I mocked-up reference images to actual size in Photoshop and used these to create masks and to transfer the images to the perspex drypoint plates and plywood blocks.
Engraving, cutting and printing
The continuing Palestinian/Israeli conflict is an intractable situation with deeply complicated politics and history. Images from the Friday days of rage are powerful representations of the situation. This was the ‘news’ subject for Print 1.
I had several drawings of the doll so knew the composition of the image that I needed and I created various mock-ups in Photoshop to check how the image would work before engraving the image into the perspex plate.
The printing was done in an 8-hour session in Kew Print Studio.
I wanted to achieve quite a layered tonal image and experimented with multiple layers using masks and monotype to create the background.
I tried combining monoprint and drypoint on the same plate in order to get the easiest/best registration between the drypoint outline and monoprint fill.
There was a lot of wastage with this print.

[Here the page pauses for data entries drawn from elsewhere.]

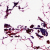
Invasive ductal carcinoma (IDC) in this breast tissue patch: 0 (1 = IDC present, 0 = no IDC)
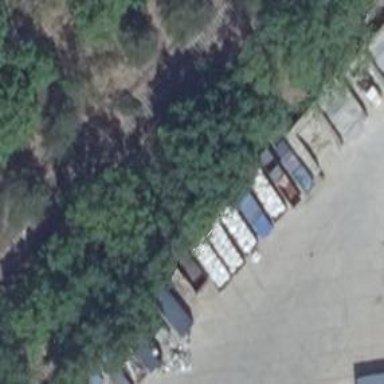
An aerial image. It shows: Abandoned railway.
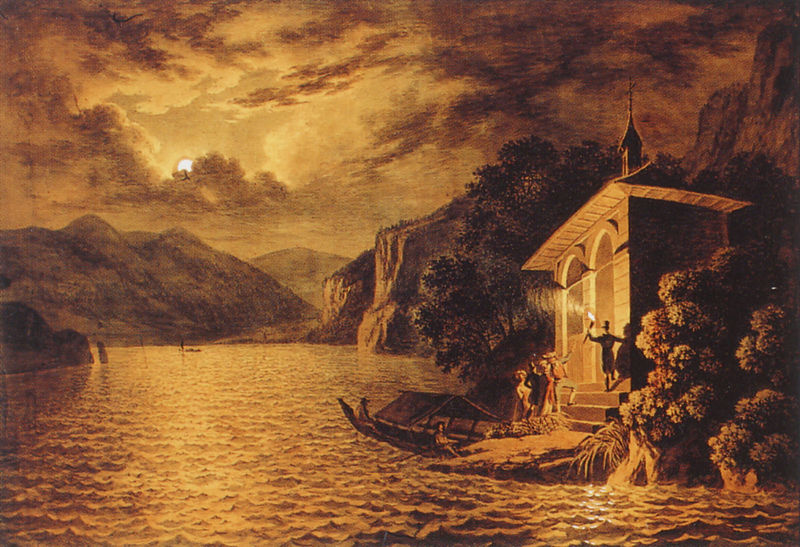
Titel: Tells Kapelle am Vierwladstättersee
Künstler: Franz Niklaus König
Institution: Bern, Kunstmuseum
Schlagwörter: baum, felsen, gemälde, himmel, mann, meer, schatten, wasser, wolken, bäume, fluss, gelb, landschaft, menschen, see, ufer, braun, frau, licht, männer, nacht, orange, schwarz, zeichnung, gebäude, haus, leute, zylinder, hügel, natur, wind, büsche, gewässer, kirche, sonne, personen, pflanzen, tal, wald, boot, boote, kahn, turm, helldunkel, nachthimmel, schiff, wellen, fischer, berge, einschnitt, grafik, figuren, romantik, treppe, ruderer, rudern, stufen, abendrot, bögen, mond, kreuz, türmchen, mondschein, arkaden, villa, kapelle, pavillon, fähre, fjord, fackel, mondnacht, barke, stiege, ausland, besuchen, 1900, refflex, fährhaus
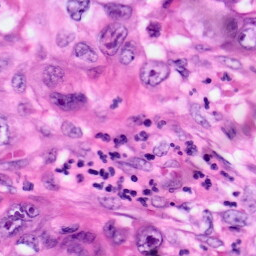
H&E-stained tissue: Pancreatic

I discarded 4 x prints, either because I’d made masking mistakes or because the pressure on the press was wrong.
The day before I worked up the ‘news’ image for the second print, the Saudi air force bombed a school bus in the Yemen, killing 40 children.

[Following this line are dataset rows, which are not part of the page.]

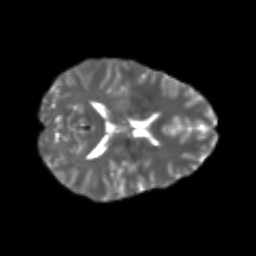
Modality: T2w
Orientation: axial
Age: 24
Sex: female
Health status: healthy
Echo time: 0.074 s
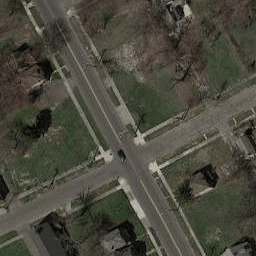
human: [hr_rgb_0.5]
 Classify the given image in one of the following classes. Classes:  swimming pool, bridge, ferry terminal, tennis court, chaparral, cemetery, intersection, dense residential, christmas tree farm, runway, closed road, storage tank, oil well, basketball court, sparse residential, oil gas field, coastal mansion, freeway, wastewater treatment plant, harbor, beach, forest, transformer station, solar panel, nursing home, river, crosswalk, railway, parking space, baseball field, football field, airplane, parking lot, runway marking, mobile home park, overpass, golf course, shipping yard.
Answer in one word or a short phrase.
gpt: intersection
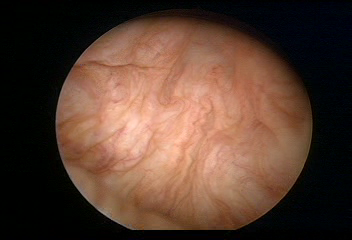
Modality: WLC
Class: Normal mucosa
Bladder cancer association: No
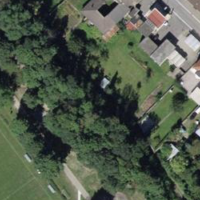
EUNIS habitat code: 54
Species observed at this site:
Anthus trivialis
Cyanistes caeruleus
Accipiter gentilis
Parus major
Dendrocopos major
Garrulus glandarius
Corvus corax
Periparus ater

This became the subject for print 2.
I didn’t think the cross hatching on Print 1 worked and watched a couple of youtube videos about the engraving technique. This led me to look at the work of Albrecht Durer. I studied The Holy Family closely.
I tried to reproduce the wall that is behind the seated Madonna in the mid ground of Print 2 using the same engraved marks. This was a lesson for me in how to carefully choose different types of mark to represent different textures and tonal values, and how to use them consistently. Random doesn’t work well in drypoint for the kind of image I wanted to make!

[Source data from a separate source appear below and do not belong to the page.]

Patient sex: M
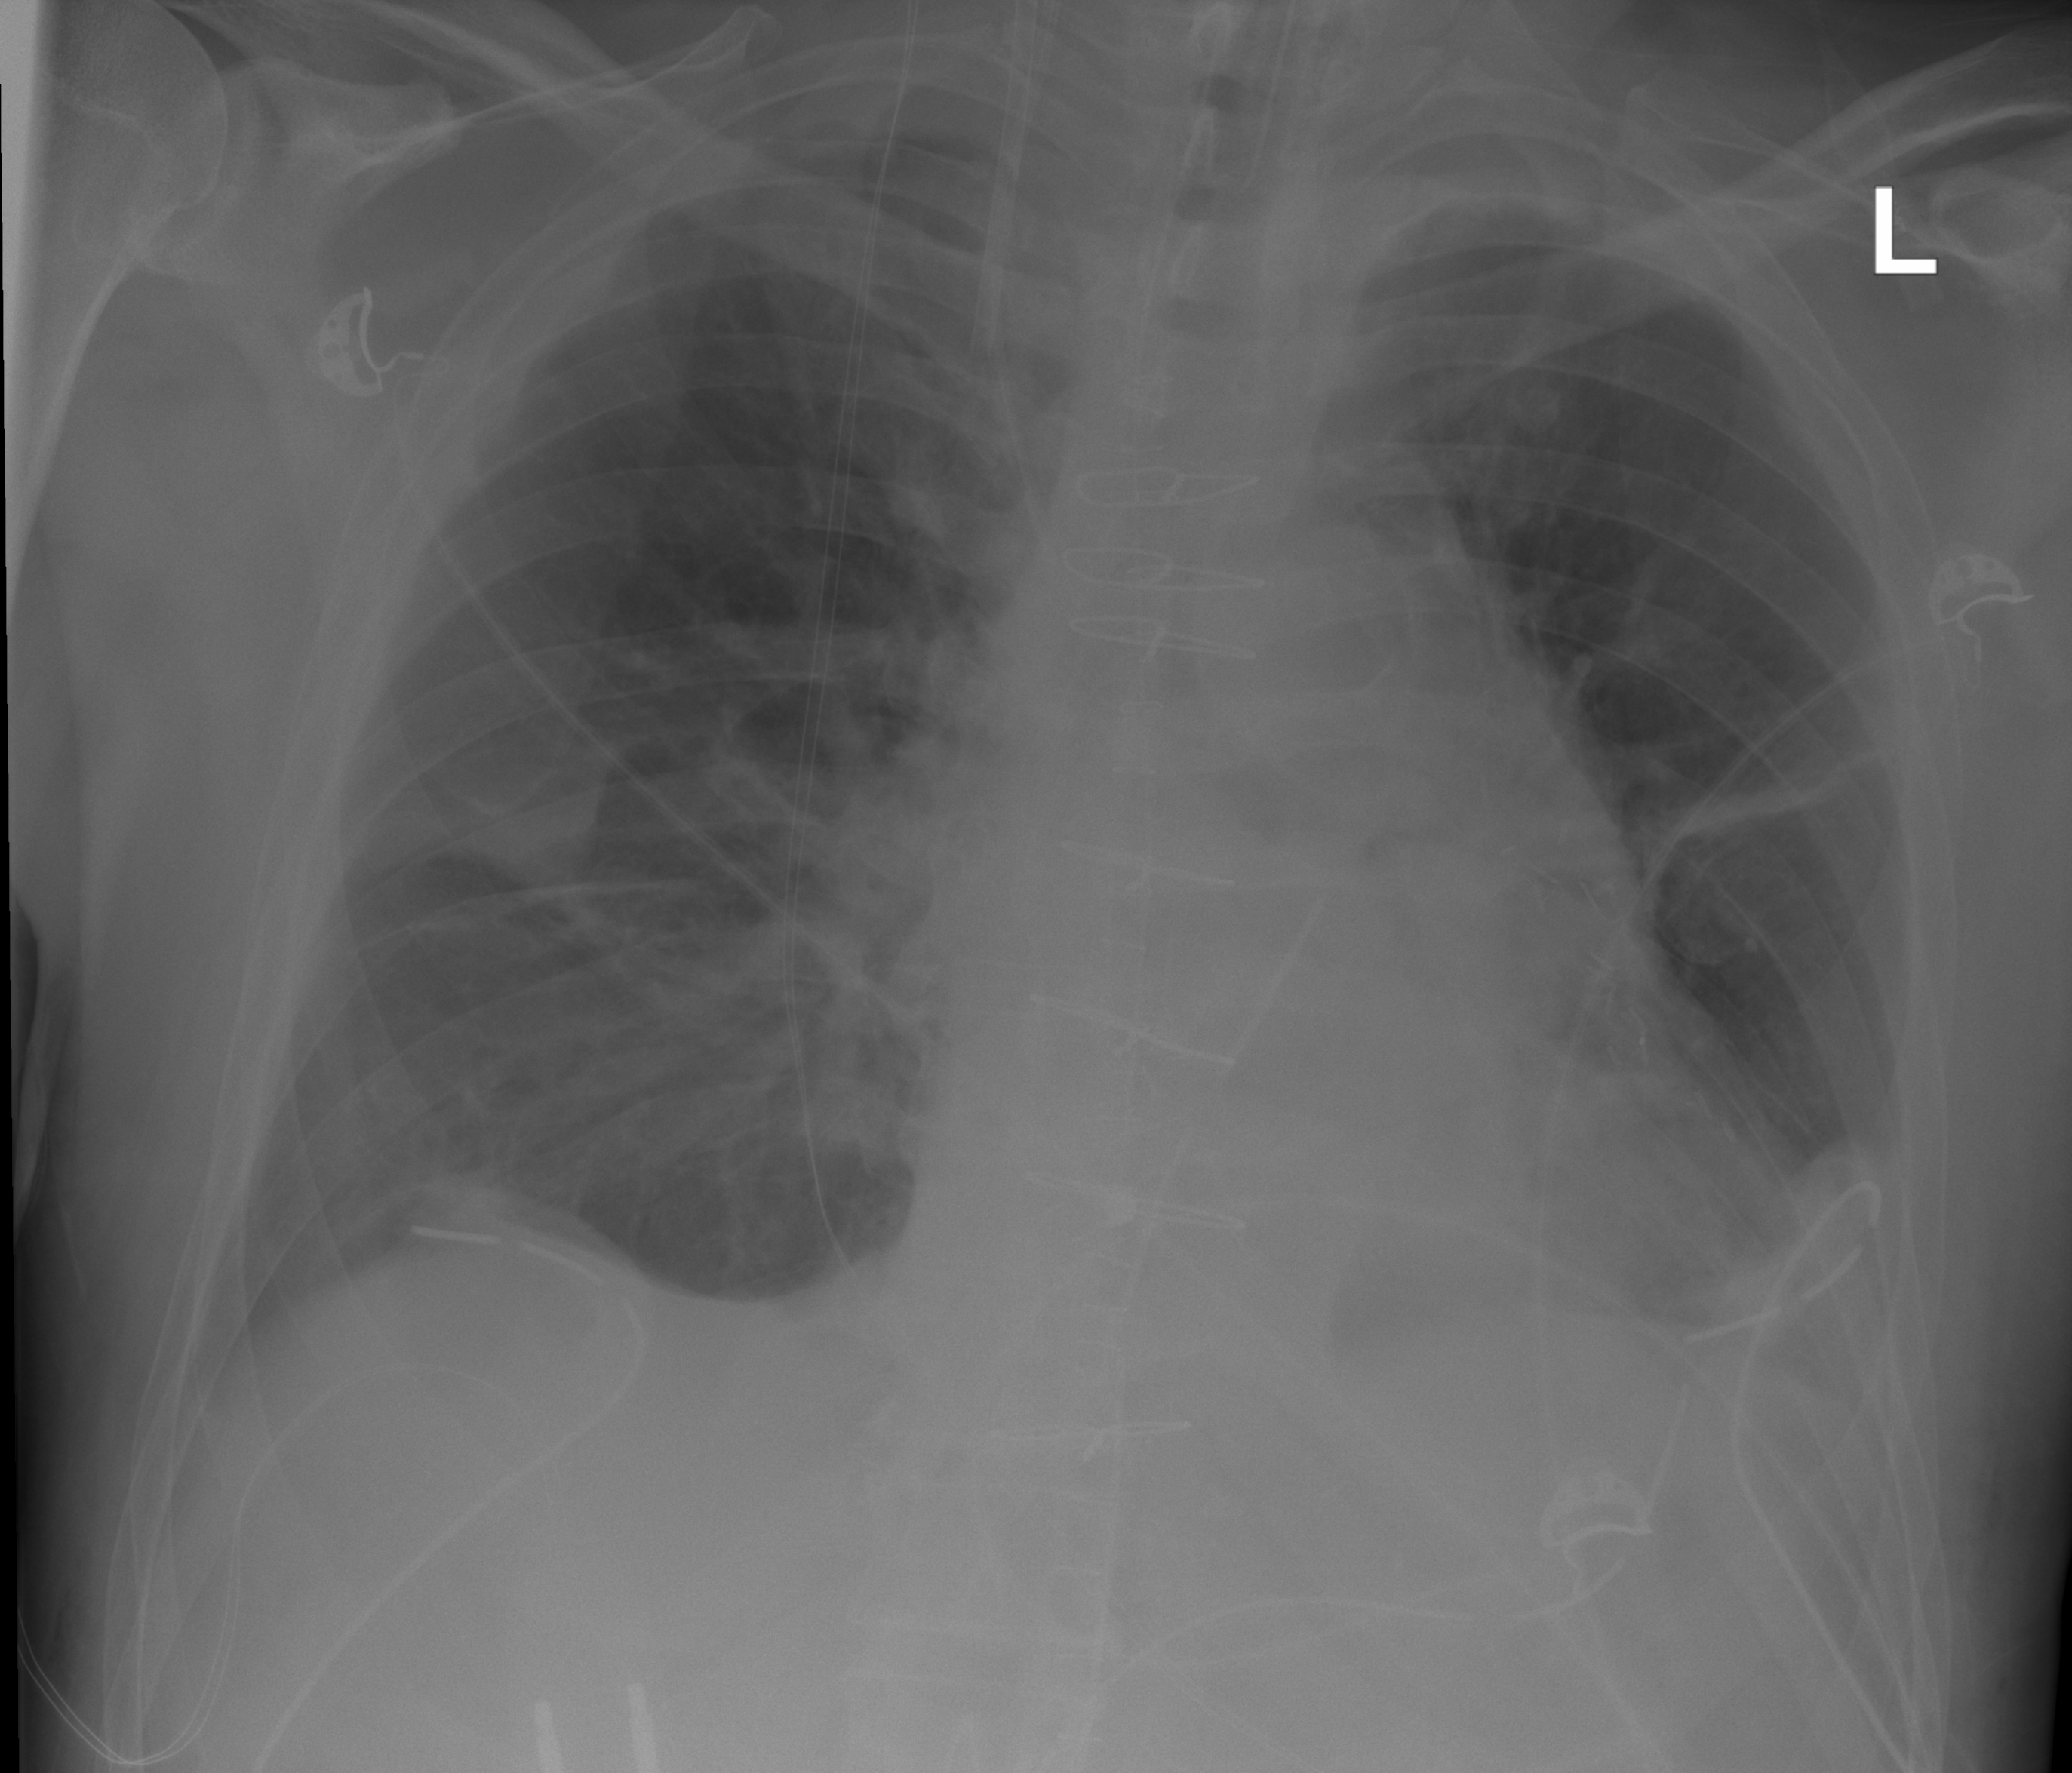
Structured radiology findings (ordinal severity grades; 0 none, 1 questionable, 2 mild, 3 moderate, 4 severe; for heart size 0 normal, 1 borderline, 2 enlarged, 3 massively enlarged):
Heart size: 0
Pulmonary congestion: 0
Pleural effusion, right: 2
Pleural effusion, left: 0
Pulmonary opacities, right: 1
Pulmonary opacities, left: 0
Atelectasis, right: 1
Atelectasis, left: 1

The printing was done in a single 4-hour session in Kew Print Studio. For this print I drew on lessons from 5.2 Investigating combination printmaking and incorporating chine collé collages and used chine colle to help distinguish between the different layers.
I tried and failed to run the woodcut through the press in the single session, so the final woodcut layer was added at home.
The ‘news’ image for this print came from a current news item where a far right white supremacist rally was held in Washington. For me the fact that this happened in such a brasen way (albeit with a huge counter rally), is an indicator that politics in the US and more general in Europe is becoming more and more polarised. There seems to be an increasing failure of liberal democracy to address the needs and concerns of whole sections of society that feel left behind or ignored by the traditional mainstream policies/ parties.
The woodcut took about 4-hours to complete.
Print 3 and Print 4 were both done in a single 4-hour session in Kew Print Studio.
I wanted to add an additional parameter fence element to the woodcut layer to give the impression of looking through a fence at a desolate landscape (in this case Raqqa in Syria), completely destroyed during the battle to remove ISIS from their last major stronghold in the country.
The fence is a metaphor for the barrier that we unconsciously erect between ourselves and the subjects we watch on out smart devices; a kind of desensitised, indifferent voyeurism.